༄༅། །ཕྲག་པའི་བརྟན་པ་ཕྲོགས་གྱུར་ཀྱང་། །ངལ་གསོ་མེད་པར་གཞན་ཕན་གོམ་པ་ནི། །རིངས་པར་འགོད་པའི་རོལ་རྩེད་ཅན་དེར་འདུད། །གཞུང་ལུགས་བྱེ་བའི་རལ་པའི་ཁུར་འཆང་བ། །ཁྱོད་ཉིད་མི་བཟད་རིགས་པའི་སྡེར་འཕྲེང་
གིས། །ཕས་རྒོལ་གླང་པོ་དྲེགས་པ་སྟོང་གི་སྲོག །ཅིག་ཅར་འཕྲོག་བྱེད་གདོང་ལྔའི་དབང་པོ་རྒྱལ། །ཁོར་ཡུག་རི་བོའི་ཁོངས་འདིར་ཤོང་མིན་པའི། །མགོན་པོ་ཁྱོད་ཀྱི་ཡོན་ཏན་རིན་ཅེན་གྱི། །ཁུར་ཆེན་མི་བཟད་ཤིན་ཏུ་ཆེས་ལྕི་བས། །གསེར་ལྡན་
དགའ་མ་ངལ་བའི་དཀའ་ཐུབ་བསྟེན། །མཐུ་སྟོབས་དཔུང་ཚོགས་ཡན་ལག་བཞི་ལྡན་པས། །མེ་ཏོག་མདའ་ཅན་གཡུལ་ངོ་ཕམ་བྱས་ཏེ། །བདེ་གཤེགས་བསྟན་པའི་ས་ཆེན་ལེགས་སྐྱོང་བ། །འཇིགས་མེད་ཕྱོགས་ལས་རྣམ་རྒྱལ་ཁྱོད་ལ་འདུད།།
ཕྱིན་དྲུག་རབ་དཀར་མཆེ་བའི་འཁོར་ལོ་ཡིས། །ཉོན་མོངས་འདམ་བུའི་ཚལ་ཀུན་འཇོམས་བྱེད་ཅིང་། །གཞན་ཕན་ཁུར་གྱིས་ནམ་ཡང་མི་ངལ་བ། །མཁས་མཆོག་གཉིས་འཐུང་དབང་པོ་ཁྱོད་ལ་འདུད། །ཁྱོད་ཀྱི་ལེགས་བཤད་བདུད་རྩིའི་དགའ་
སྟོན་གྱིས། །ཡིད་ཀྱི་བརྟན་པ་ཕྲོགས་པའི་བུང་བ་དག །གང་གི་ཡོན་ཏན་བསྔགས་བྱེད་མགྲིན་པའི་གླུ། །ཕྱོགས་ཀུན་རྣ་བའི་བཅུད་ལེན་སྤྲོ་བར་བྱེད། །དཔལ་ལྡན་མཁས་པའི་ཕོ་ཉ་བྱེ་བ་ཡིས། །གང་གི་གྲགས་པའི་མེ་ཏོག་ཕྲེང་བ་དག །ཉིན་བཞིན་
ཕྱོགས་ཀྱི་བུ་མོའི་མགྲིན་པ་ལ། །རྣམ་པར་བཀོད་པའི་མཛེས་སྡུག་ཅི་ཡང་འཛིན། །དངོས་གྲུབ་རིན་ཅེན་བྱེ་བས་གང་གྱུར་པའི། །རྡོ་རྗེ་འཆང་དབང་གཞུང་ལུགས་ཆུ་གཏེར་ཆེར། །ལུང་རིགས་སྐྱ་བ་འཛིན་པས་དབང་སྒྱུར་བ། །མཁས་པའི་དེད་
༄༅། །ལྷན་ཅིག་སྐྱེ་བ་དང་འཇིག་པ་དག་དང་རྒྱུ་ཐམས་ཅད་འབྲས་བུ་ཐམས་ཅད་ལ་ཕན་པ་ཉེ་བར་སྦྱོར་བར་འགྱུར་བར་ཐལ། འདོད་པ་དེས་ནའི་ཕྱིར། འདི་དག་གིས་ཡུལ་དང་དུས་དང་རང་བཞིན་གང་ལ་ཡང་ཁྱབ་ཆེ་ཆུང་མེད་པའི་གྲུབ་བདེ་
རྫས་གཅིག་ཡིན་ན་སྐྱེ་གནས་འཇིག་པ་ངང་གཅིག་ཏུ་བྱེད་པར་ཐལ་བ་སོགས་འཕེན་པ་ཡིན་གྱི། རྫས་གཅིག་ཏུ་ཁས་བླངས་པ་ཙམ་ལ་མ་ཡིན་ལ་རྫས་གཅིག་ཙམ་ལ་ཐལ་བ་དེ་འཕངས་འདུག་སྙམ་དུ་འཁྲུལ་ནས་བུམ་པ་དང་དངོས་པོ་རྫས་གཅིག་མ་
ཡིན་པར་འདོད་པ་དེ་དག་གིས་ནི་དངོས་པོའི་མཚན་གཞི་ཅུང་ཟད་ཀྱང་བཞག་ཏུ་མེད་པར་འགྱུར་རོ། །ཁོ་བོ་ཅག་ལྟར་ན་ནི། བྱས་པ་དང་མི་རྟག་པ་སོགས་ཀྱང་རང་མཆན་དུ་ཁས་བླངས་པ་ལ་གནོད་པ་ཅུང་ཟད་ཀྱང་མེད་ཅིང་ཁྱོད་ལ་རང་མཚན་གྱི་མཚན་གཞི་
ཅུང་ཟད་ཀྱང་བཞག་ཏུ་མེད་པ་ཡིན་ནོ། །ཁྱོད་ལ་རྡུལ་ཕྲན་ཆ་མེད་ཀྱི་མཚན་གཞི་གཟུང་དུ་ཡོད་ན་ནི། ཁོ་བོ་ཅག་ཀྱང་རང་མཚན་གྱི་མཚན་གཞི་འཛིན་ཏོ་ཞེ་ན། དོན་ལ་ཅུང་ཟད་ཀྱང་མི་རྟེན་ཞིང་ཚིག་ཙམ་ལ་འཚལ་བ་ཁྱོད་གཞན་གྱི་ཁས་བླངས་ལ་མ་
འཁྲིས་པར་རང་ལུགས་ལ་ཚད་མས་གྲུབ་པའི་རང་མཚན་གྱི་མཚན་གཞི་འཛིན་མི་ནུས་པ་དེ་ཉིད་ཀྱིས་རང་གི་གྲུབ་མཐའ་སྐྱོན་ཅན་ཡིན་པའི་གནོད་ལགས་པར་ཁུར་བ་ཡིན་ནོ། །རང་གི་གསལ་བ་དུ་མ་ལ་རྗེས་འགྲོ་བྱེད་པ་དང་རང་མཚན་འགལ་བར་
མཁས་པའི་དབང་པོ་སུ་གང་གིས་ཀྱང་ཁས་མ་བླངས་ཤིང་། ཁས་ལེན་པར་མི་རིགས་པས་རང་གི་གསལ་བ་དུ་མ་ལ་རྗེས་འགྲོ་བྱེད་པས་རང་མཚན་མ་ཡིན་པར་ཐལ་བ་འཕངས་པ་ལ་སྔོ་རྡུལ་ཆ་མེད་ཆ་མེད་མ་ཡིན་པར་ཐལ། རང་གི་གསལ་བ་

────────────────────

• _WORK TO BE COMPLETED_
Scan the entries above for the word "འཕངས", then copy every line in which it occurs.

• _EXPECTED ANSWER_
རྫས་གཅིག་ཡིན་ན་སྐྱེ་གནས་འཇིག་པ་ངང་གཅིག་ཏུ་བྱེད་པར་ཐལ་བ་སོགས་འཕེན་པ་ཡིན་གྱི། རྫས་གཅིག་ཏུ་ཁས་བླངས་པ་ཙམ་ལ་མ་ཡིན་ལ་རྫས་གཅིག་ཙམ་ལ་ཐལ་བ་དེ་འཕངས་འདུག་སྙམ་དུ་འཁྲུལ་ནས་བུམ་པ་དང་དངོས་པོ་རྫས་གཅིག་མ་
མཁས་པའི་དབང་པོ་སུ་གང་གིས་ཀྱང་ཁས་མ་བླངས་ཤིང་། ཁས་ལེན་པར་མི་རིགས་པས་རང་གི་གསལ་བ་དུ་མ་ལ་རྗེས་འགྲོ་བྱེད་པས་རང་མཚན་མ་ཡིན་པར་ཐལ་བ་འཕངས་པ་ལ་སྔོ་རྡུལ་ཆ་མེད་ཆ་མེད་མ་ཡིན་པར་ཐལ། རང་གི་གསལ་བ་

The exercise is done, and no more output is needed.